Self-made Buffett has accumulated greater wealth than a modern day Croesus. Virtually all of it, however, is used to help those less fortunate than himself. After his death pretty much all of it will be injected into the Bill and Melinda Gates Foundation (note, NOT the Warren Buffett Foundation) because he believes his pal’s creation is the most appropriate way to leverage the cash for the good of humanity.

Despite possessing resources greater than the GDPs of most sovereign nations, Buffett has lived in the same low-key house in the same very public street in Omaha for more than three decades. The cars he has owned are mass produced and tend to last for decades. His idea of a great night out is steak and hash browns at the local Gorat’s steakhouse down the road from his home.

Although he’s now 88 years old, Buffett still drives himself to his modest office which is the nerve centre of one of the most valuable companies on earth. But staffed by just 17 people, mostly employed because they share Buffett’s values and are people he likes having around. The small team reciprocates through undying loyalty and perhaps the lowest staff turnover of any large company HQ on earth.

This is a man who has zero airs who views the world dispassionately and takes no personal credit for his achievements. Indeed, he lives by a motto of trumpeting his failures but never reminding the world about the many times when he was right. Buffett claims to have been born lucky and deeply appreciates having won what he calls “the lottery of the womb” – conceived by honest parents, in a country which has a system which is the world’s best in efficiently delivering goods and services. A system which Buffett says is perfectly positioned to reward his particular skills.

The point of all this is to help show how Buffett is that most rare of our species – a massive overachiever who remains a humble and mature human being. Someone totally comfortable in his own skin, who wears the world like a loose cloak, never taking himself too seriously.
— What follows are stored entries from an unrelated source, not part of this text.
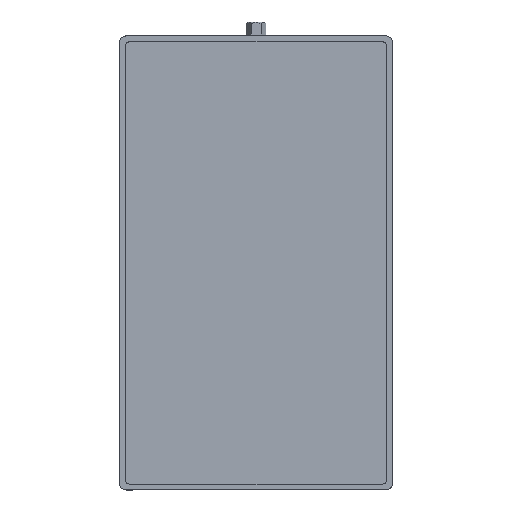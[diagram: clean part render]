
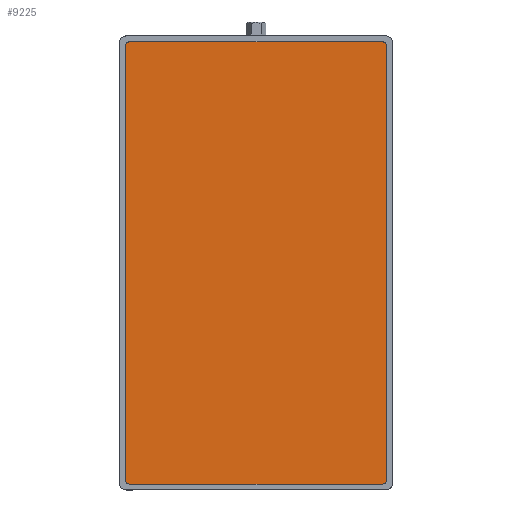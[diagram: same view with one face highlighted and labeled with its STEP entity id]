
A CAD part, front view. The second image highlights one B-rep face of the part: STEP entity #9225.
In plain terms, the highlighted planar face has unit normal (0, -1, 0).
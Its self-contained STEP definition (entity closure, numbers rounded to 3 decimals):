
#512 = LINE ( 'NONE', #5879, #519 ) ;
#515 = CIRCLE ( 'NONE', #8137, 5. ) ;
#518 = CIRCLE ( 'NONE', #8138, 5. ) ;
#519 = VECTOR ( 'NONE', #5873, 1000. ) ;
#520 = LINE ( 'NONE', #5878, #522 ) ;
#521 = CIRCLE ( 'NONE', #8139, 5. ) ;
#522 = VECTOR ( 'NONE', #5877, 1000. ) ;
#523 = LINE ( 'NONE', #5883, #525 ) ;
#524 = CIRCLE ( 'NONE', #8140, 5. ) ;
#525 = VECTOR ( 'NONE', #5884, 1000. ) ;
#526 = LINE ( 'NONE', #5888, #528 ) ;
#528 = VECTOR ( 'NONE', #5889, 1000. ) ;
#1420 = VERTEX_POINT ( 'NONE', #7101 ) ;
#1617 = ORIENTED_EDGE ( 'NONE', *, *, #4630, .T. ) ;
#1618 = ORIENTED_EDGE ( 'NONE', *, *, #4629, .T. ) ;
#1619 = ORIENTED_EDGE ( 'NONE', *, *, #4628, .T. ) ;
#1620 = ORIENTED_EDGE ( 'NONE', *, *, #4627, .T. ) ;
#1621 = ORIENTED_EDGE ( 'NONE', *, *, #4626, .T. ) ;
#1622 = ORIENTED_EDGE ( 'NONE', *, *, #4625, .T. ) ;
#1623 = ORIENTED_EDGE ( 'NONE', *, *, #4624, .T. ) ;
#1624 = ORIENTED_EDGE ( 'NONE', *, *, #4623, .T. ) ;
#2551 = EDGE_LOOP ( 'NONE', ( #1624, #1623, #1622, #1621, #1620, #1619, #1618, #1617 ) ) ;
#3267 = VERTEX_POINT ( 'NONE', #5705 ) ;
#3268 = VERTEX_POINT ( 'NONE', #5695 ) ;
#3272 = VERTEX_POINT ( 'NONE', #5706 ) ;
#3278 = VERTEX_POINT ( 'NONE', #5699 ) ;
#4052 = VERTEX_POINT ( 'NONE', #5787 ) ;
#4623 = EDGE_CURVE ( 'NONE', #3278, #3272, #515, .T. ) ;
#4624 = EDGE_CURVE ( 'NONE', #3272, #1420, #512, .T. ) ;
#4625 = EDGE_CURVE ( 'NONE', #1420, #3268, #518, .T. ) ;
#4626 = EDGE_CURVE ( 'NONE', #3268, #3267, #520, .T. ) ;
#4627 = EDGE_CURVE ( 'NONE', #3267, #4952, #521, .T. ) ;
#4628 = EDGE_CURVE ( 'NONE', #4952, #4052, #523, .T. ) ;
#4629 = EDGE_CURVE ( 'NONE', #4052, #4953, #524, .T. ) ;
#4630 = EDGE_CURVE ( 'NONE', #4953, #3278, #526, .T. ) ;
#4952 = VERTEX_POINT ( 'NONE', #7574 ) ;
#4953 = VERTEX_POINT ( 'NONE', #7578 ) ;
#5695 = CARTESIAN_POINT ( 'NONE',  ( -140., -2., -496. ) ) ;
#5699 = CARTESIAN_POINT ( 'NONE',  ( -140., -2., -6. ) ) ;
#5705 = CARTESIAN_POINT ( 'NONE',  ( 140., -2., -496. ) ) ;
#5706 = CARTESIAN_POINT ( 'NONE',  ( -145., -2., -11. ) ) ;
#5787 = CARTESIAN_POINT ( 'NONE',  ( 145., -2., -11. ) ) ;
#5873 = DIRECTION ( 'NONE',  ( 0., 0., -1. ) ) ;
#5877 = DIRECTION ( 'NONE',  ( 1., 0., 0. ) ) ;
#5878 = CARTESIAN_POINT ( 'NONE',  ( -140., -2., -496. ) ) ;
#5879 = CARTESIAN_POINT ( 'NONE',  ( -145., -2., -11. ) ) ;
#5880 = CARTESIAN_POINT ( 'NONE',  ( -140., -2., -11. ) ) ;
#5881 = DIRECTION ( 'NONE',  ( 0., -1., 0. ) ) ;
#5882 = DIRECTION ( 'NONE',  ( 0., 0., -1. ) ) ;
#5883 = CARTESIAN_POINT ( 'NONE',  ( 145., -2., -491. ) ) ;
#5884 = DIRECTION ( 'NONE',  ( 0., 0., 1. ) ) ;
#5885 = CARTESIAN_POINT ( 'NONE',  ( -140., -2., -491. ) ) ;
#5886 = DIRECTION ( 'NONE',  ( 0., -1., 0. ) ) ;
#5887 = DIRECTION ( 'NONE',  ( 0., 0., -1. ) ) ;
#5888 = CARTESIAN_POINT ( 'NONE',  ( 140., -2., -6. ) ) ;
#5889 = DIRECTION ( 'NONE',  ( -1., 0., 0. ) ) ;
#5890 = CARTESIAN_POINT ( 'NONE',  ( 140., -2., -491. ) ) ;
#5891 = DIRECTION ( 'NONE',  ( 0., -1., 0. ) ) ;
#5892 = DIRECTION ( 'NONE',  ( 0., 0., -1. ) ) ;
#5895 = CARTESIAN_POINT ( 'NONE',  ( 140., -2., -11. ) ) ;
#5896 = DIRECTION ( 'NONE',  ( 0., -1., 0. ) ) ;
#5897 = DIRECTION ( 'NONE',  ( 0., 0., -1. ) ) ;
#6750 = FACE_OUTER_BOUND ( 'NONE', #2551, .T. ) ;
#7101 = CARTESIAN_POINT ( 'NONE',  ( -145., -2., -491. ) ) ;
#7574 = CARTESIAN_POINT ( 'NONE',  ( 145., -2., -491. ) ) ;
#7578 = CARTESIAN_POINT ( 'NONE',  ( 140., -2., -6. ) ) ;
#8137 = AXIS2_PLACEMENT_3D ( 'NONE', #5880, #5881, #5882 ) ;
#8138 = AXIS2_PLACEMENT_3D ( 'NONE', #5885, #5886, #5887 ) ;
#8139 = AXIS2_PLACEMENT_3D ( 'NONE', #5890, #5891, #5892 ) ;
#8140 = AXIS2_PLACEMENT_3D ( 'NONE', #5895, #5896, #5897 ) ;
#9225 = ADVANCED_FACE ( 'NONE', ( #6750 ), #9310, .T. ) ;
#9310 = PLANE ( 'NONE',  #10645 ) ;
#9311 = CARTESIAN_POINT ( 'NONE',  ( -140., -2., -11. ) ) ;
#9312 = DIRECTION ( 'NONE',  ( 0., -1., 0. ) ) ;
#9313 = DIRECTION ( 'NONE',  ( 0., 0., -1. ) ) ;
#10645 = AXIS2_PLACEMENT_3D ( 'NONE', #9311, #9312, #9313 ) ;

He’s happiest when hamming it up for the thousands of devotees at his AGM, challenging all-comers to a newspaper toss or putting competition, or playing table tennis against a world junior champion. Or tossing the first pitch at the local baseball club’s opening match.

Meeting him, as I briefly did a few times during those trips to Omaha, is like engaging with your typical friendly grandfather, someone authentic who smiles often and loves telling stories to help us understand life better. Someone you listen to carefully because their advice is priceless.
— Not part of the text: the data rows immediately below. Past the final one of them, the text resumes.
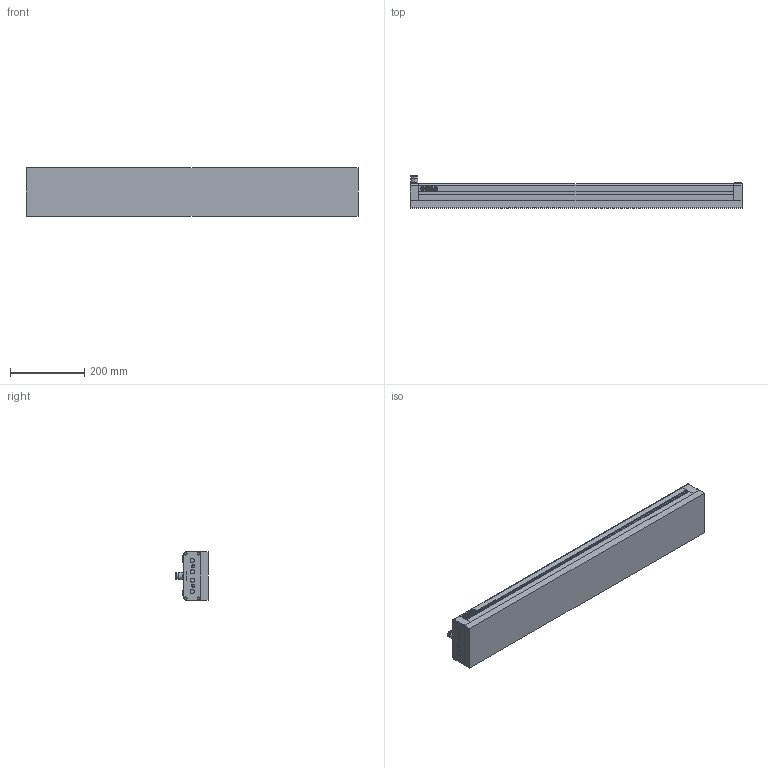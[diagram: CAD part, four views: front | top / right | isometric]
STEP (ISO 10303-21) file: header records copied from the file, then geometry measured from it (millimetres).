
FILE_DESCRIPTION (( 'STEP AP214' ), '1' );
FILE_NAME ('TPX-CV-130x892-3R-20B.STEP', '2024-09-05T09:11:37', ( '' ), ( '' ), 'SwSTEP 2.0', 'SolidWorks 2023', '' );
FILE_SCHEMA (( 'AUTOMOTIVE_DESIGN' ));
Length unit declared in the file: millimetre
Products named in the file (2): TPX-CV-130x892-3R-20B; TPX-CV-130x838-3R-20B
Assembly tree (1 placements, depth 2):
  TPX-CV-130x892-3R-20B
    TPX-CV-130x838-3R-20B
Bounding box: 892 x 86.2 x 130 mm (x, y, z)
Volume: 7134036.5 mm3; surface area: 715818.6 mm2
Topology: 4 solids, 5 shells, 741 faces, 1918 edges, 1276 vertices
Faces by surface type: plane 389, bspline 184, cylinder 160, cone 8
Entity records: 35488 total; most frequent: CARTESIAN_POINT 18207, ORIENTED_EDGE 3836, DIRECTION 2996, EDGE_CURVE 1918, VERTEX_POINT 1276, LINE 1218, VECTOR 1218, AXIS2_PLACEMENT_3D 889

Like the way he this avid bookworm keeps urging the rest of us to read at every opportunity. My worldview has been recast by his guidance towards the right books (biographies, mostly about dead guys, and business case studies). Without Buffett I would likely not have discovered the brilliance of Marcus Aurelius, Cicero or Benjamin Franklin and definitely not found out about the remarkable life of my career heroine, Buffett’s close friend Katherine Graham.

As often seems to happen with people who have inspired us most, Buffett’s unwitting guidance came at one of the darkest times.
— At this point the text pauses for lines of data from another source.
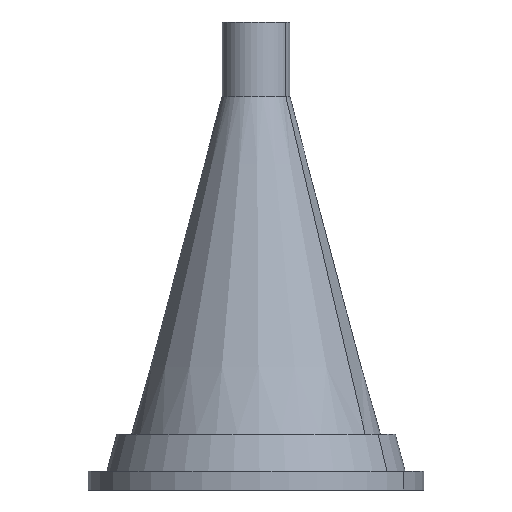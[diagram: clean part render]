
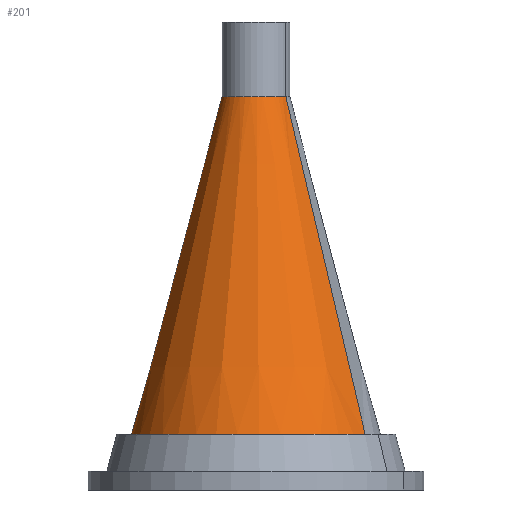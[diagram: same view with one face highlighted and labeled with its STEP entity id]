
A CAD part, left-side view. The second image highlights one B-rep face of the part: STEP entity #201.
In plain terms, the highlighted conical face has half-angle 15 degrees and reference radius 5.779 mm.
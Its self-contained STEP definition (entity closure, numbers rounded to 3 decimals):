
#145=CARTESIAN_POINT('Axis2P3D Location',(0.,0.,63.749)) ;
#154=CARTESIAN_POINT('Vertex',(10.144,18.568,6.35)) ;
#156=CARTESIAN_POINT('Vertex',(-10.144,-18.568,6.35)) ;
#159=CARTESIAN_POINT('Line Origine',(6.457,11.82,35.05)) ;
#163=CARTESIAN_POINT('Vertex',(2.77,5.071,63.749)) ;
#170=CARTESIAN_POINT('Vertex',(-2.77,-5.071,63.749)) ;
#173=CARTESIAN_POINT('Line Origine',(-6.457,-11.82,35.05)) ;
#185=CARTESIAN_POINT('Axis2P3D Location',(0.,0.,6.35)) ;
#190=CARTESIAN_POINT('Axis2P3D Location',(0.,0.,63.749)) ;
#161=VECTOR('Line Direction',#160,1.) ;
#175=VECTOR('Line Direction',#174,1.) ;
#146=DIRECTION('Axis2P3D Direction',(0.,0.,-1.)) ;
#147=DIRECTION('Axis2P3D XDirection',(0.479,0.878,0.)) ;
#160=DIRECTION('Vector Direction',(0.124,0.227,-0.966)) ;
#174=DIRECTION('Vector Direction',(-0.124,-0.227,-0.966)) ;
#186=DIRECTION('Axis2P3D Direction',(0.,0.,-1.)) ;
#191=DIRECTION('Axis2P3D Direction',(0.,0.,-1.)) ;
#148=AXIS2_PLACEMENT_3D('Cone Axis2P3D',#145,#146,#147) ;
#187=AXIS2_PLACEMENT_3D('Circle Axis2P3D',#185,#186,$) ;
#192=AXIS2_PLACEMENT_3D('Circle Axis2P3D',#190,#191,$) ;
#162=LINE('Line',#159,#161) ;
#176=LINE('Line',#173,#175) ;
#188=CIRCLE('generated circle',#187,21.159) ;
#193=CIRCLE('generated circle',#192,5.779) ;
#149=CONICAL_SURFACE('Cone',#148,5.779,0.262) ;
#165=EDGE_CURVE('',#155,#164,#162,.F.) ;
#177=EDGE_CURVE('',#157,#171,#176,.F.) ;
#189=EDGE_CURVE('',#157,#155,#188,.T.) ;
#194=EDGE_CURVE('',#171,#164,#193,.T.) ;
#196=ORIENTED_EDGE('',*,*,#189,.F.) ;
#197=ORIENTED_EDGE('',*,*,#177,.T.) ;
#198=ORIENTED_EDGE('',*,*,#194,.T.) ;
#199=ORIENTED_EDGE('',*,*,#165,.F.) ;
#195=EDGE_LOOP('',(#196,#197,#198,#199)) ;
#155=VERTEX_POINT('',#154) ;
#157=VERTEX_POINT('',#156) ;
#164=VERTEX_POINT('',#163) ;
#171=VERTEX_POINT('',#170) ;
#201=ADVANCED_FACE('PartBody',(#200),#149,.T.) ;
#200=FACE_OUTER_BOUND('',#195,.T.) ;

After 15 years of intense focus and sacrifice, in 2012 I left the company that was supposed to be my life’s work.

During eight months of enforced gardening leave, for no particular reason I began re-reading my copious notes on the Berkshire chairman. Soon the world brightened as the lessons flowed from volumes of forgotten words recorded during those five hour Q&As at the AGMs, his annual shareholder letters and the many books written about his life.

That project led to the re-assessment of a life which had suddenly changed course. Providing the inspiration to pick myself up, dust away the bruises, and start again. From scratch.

It was the inspiration for the creation of Biznews as a customer-obsessed media company with a vision to deliver a global and rational perspective.

So I guess you can can thank Mr Buffett for the website you’re on. I certainly do.

  • Alec Hogg founded Biznews in August 2013 after leaving internet publishing pioneer Moneyweb, which he started above his garage in 1997.